## What you are asked to do:
Copy task, pictures excluded: set down exactly the lines from the one containing "6.0 s after image 1." to the end of the data below.

== Data ==

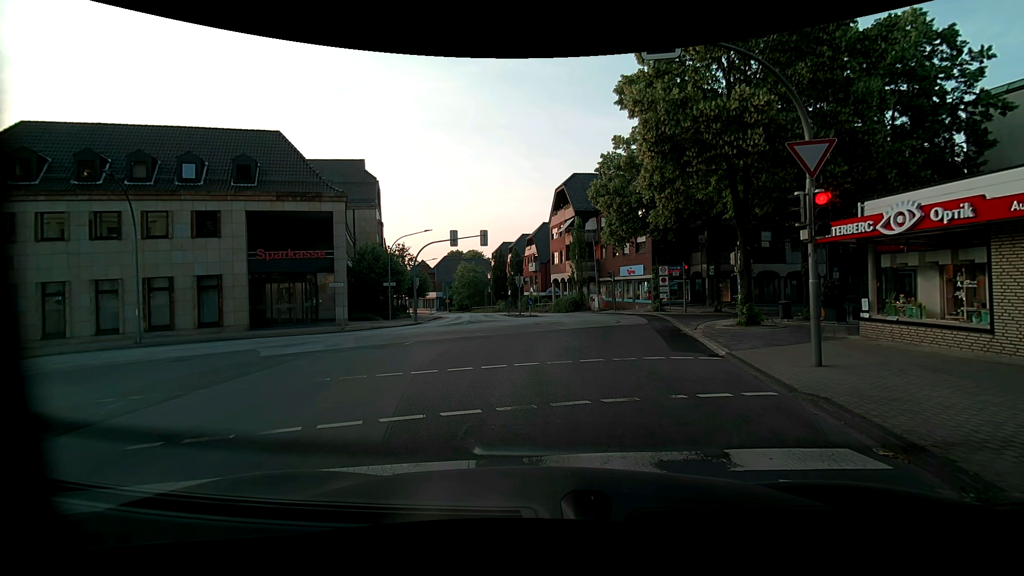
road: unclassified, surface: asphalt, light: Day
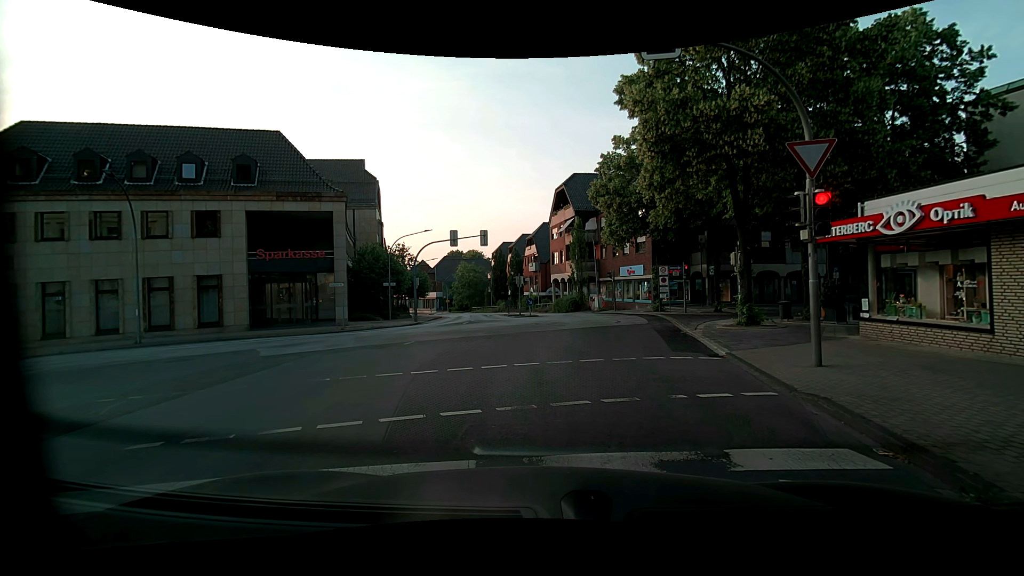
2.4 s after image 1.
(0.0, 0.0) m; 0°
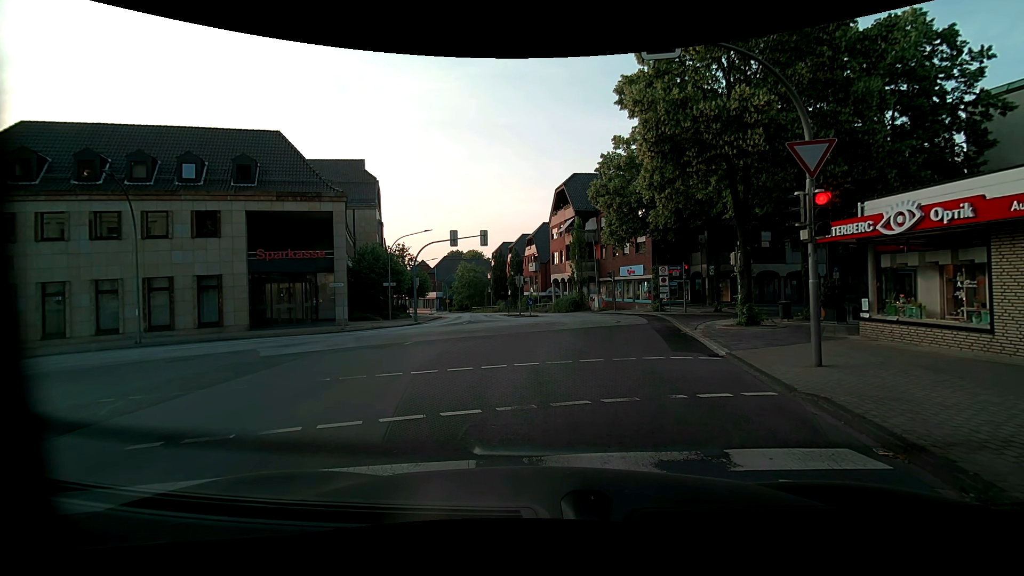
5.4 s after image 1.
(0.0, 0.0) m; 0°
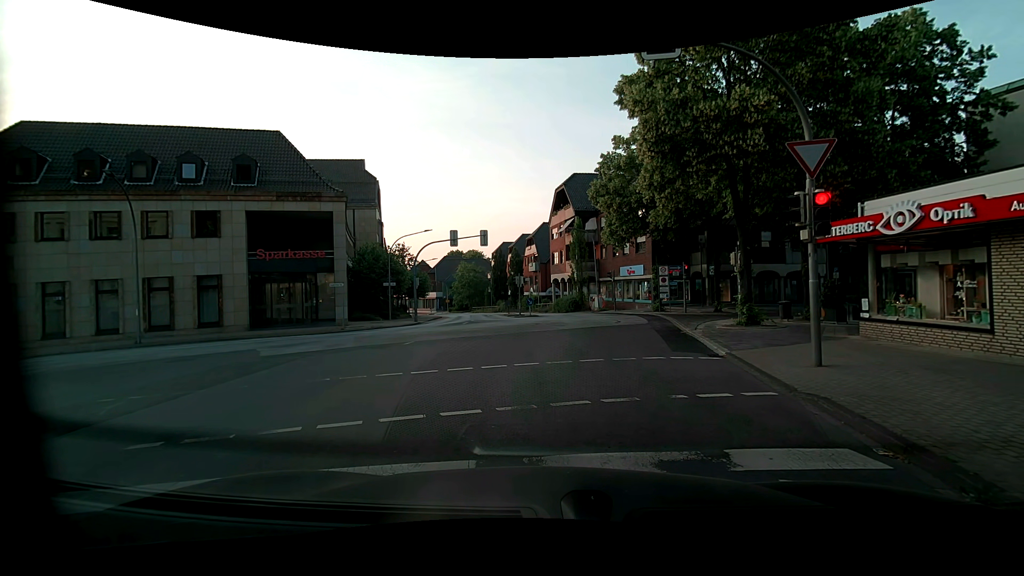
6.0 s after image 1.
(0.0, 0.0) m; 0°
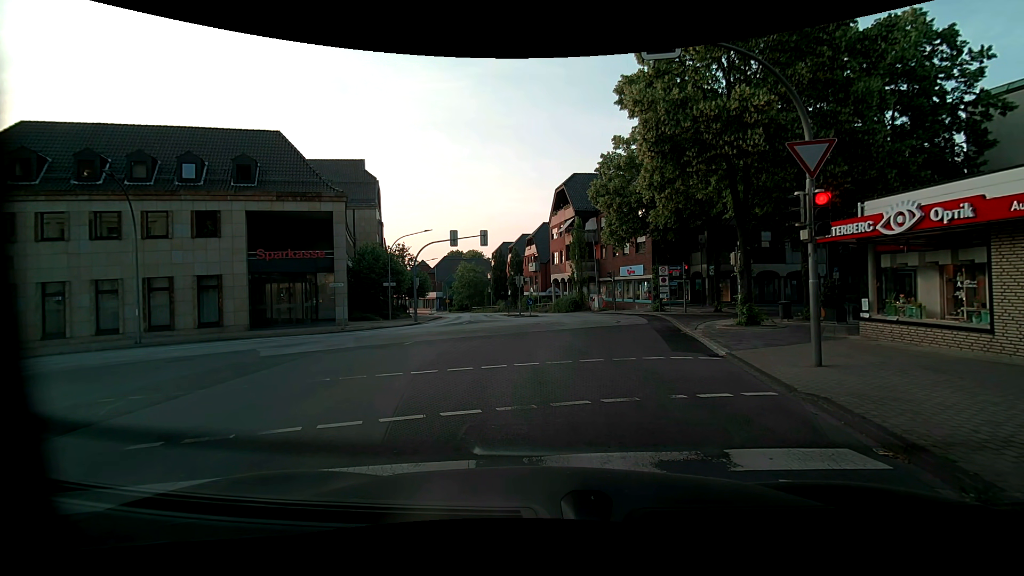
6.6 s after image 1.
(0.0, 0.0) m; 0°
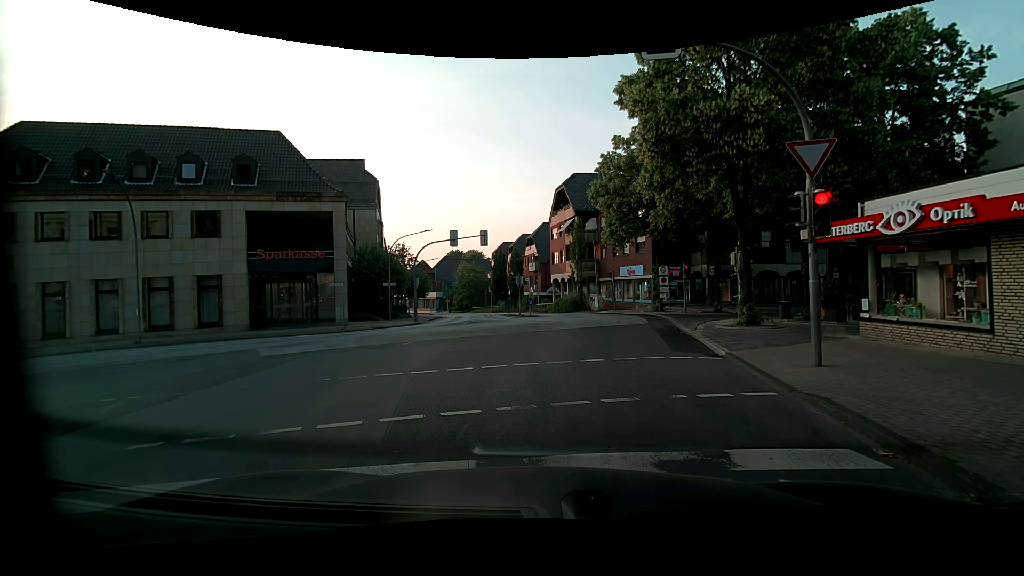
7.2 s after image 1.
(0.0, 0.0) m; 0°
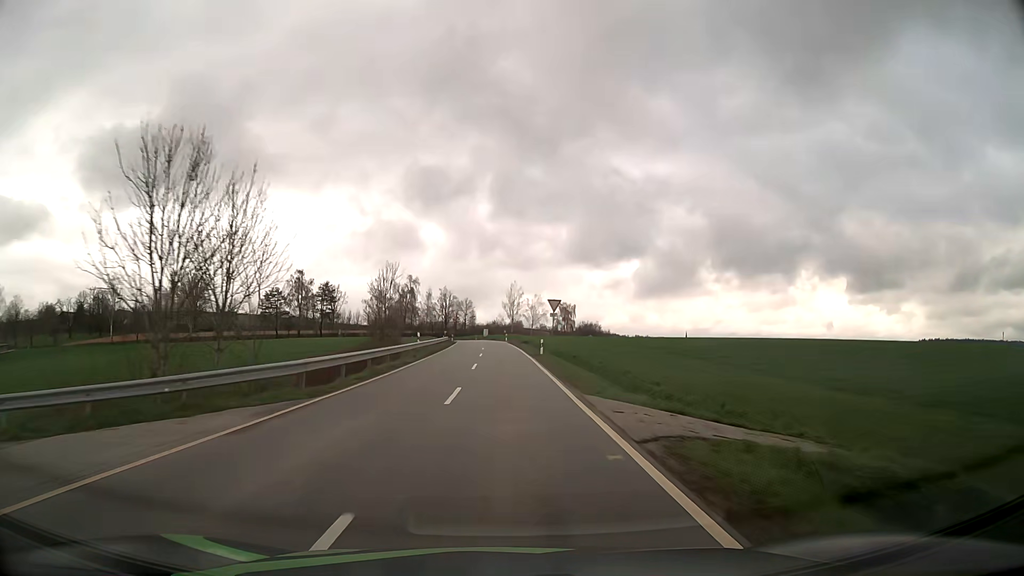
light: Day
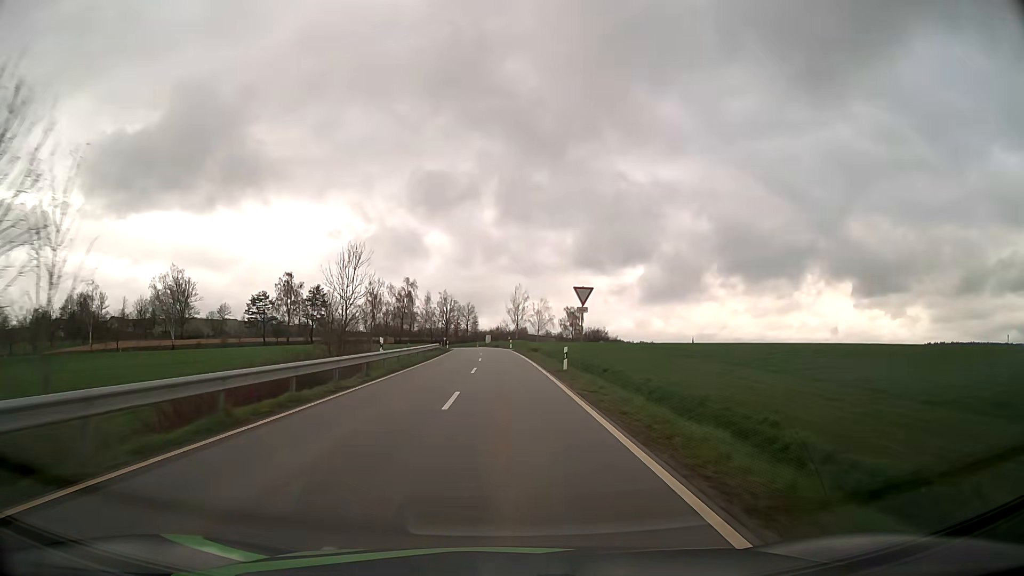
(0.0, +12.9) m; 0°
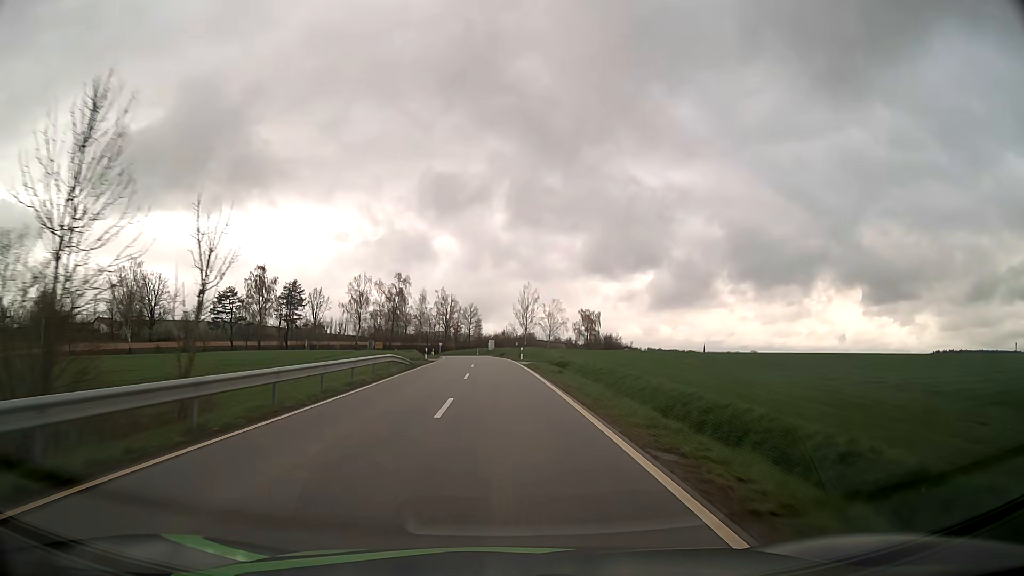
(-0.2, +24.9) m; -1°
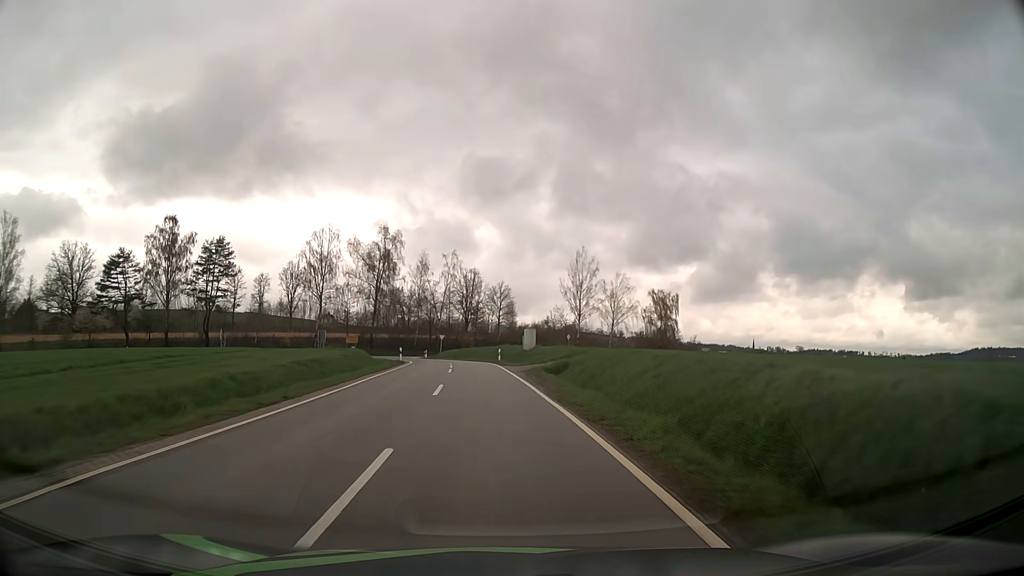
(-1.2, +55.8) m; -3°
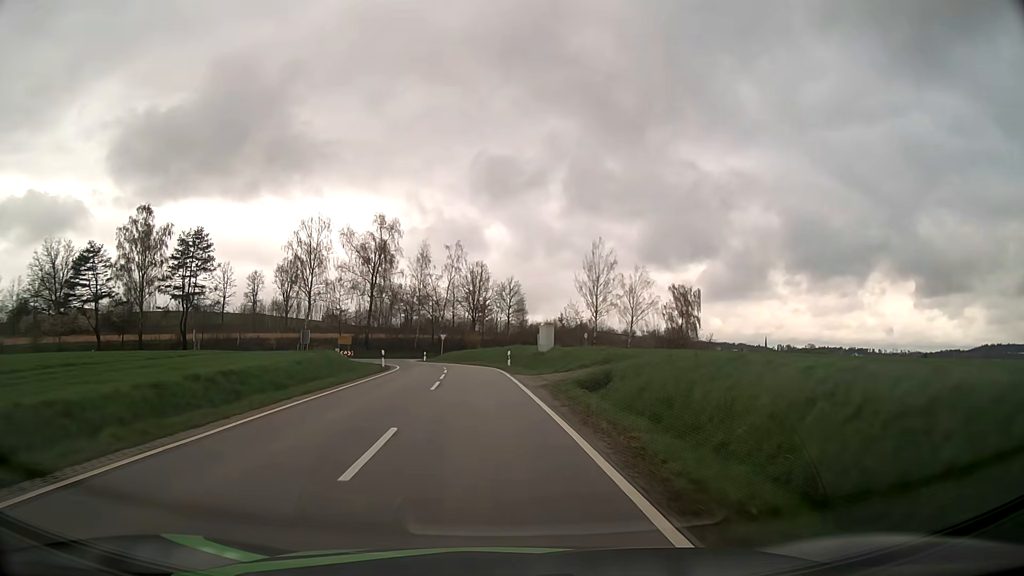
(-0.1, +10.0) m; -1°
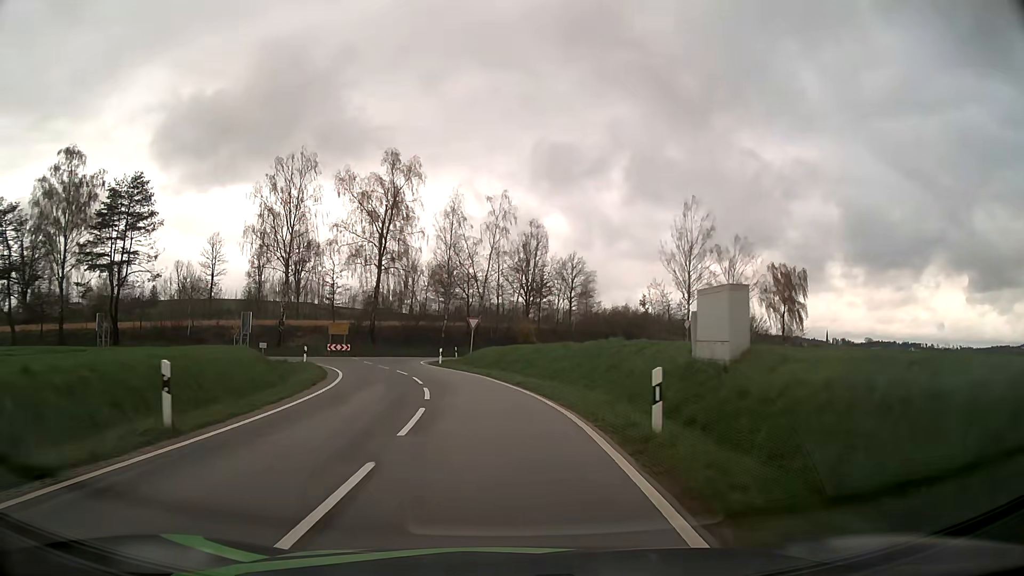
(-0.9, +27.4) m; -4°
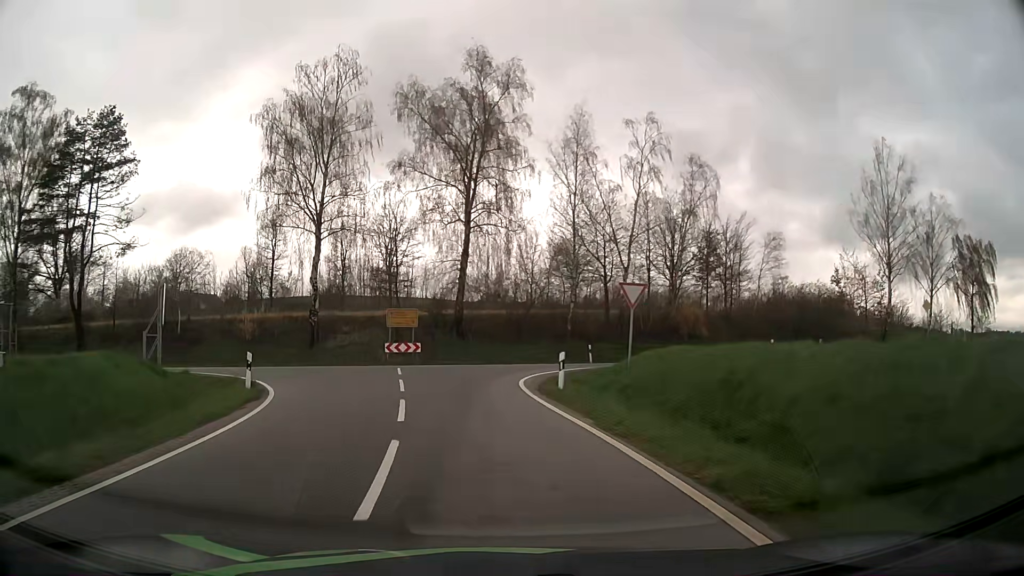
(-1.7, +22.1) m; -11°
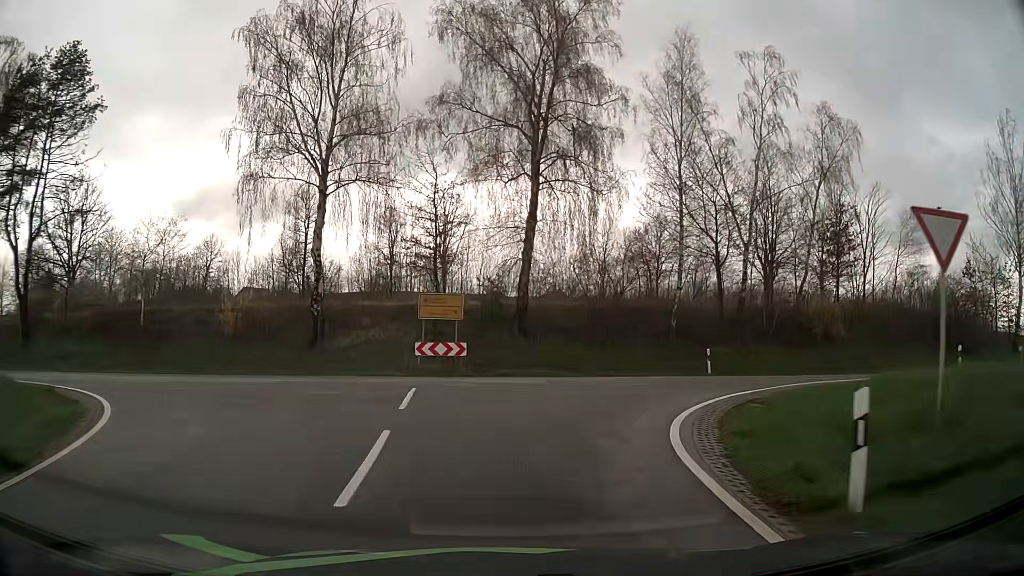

===

## Exercise output:
6.0 s after image 1.
(0.0, 0.0) m; 0°
6.6 s after image 1.
(0.0, 0.0) m; 0°
7.2 s after image 1.
(0.0, 0.0) m; 0°
light: Day
(0.0, +12.9) m; 0°
(-0.2, +24.9) m; -1°
(-1.2, +55.8) m; -3°
(-0.1, +10.0) m; -1°
(-0.9, +27.4) m; -4°
(-1.7, +22.1) m; -11°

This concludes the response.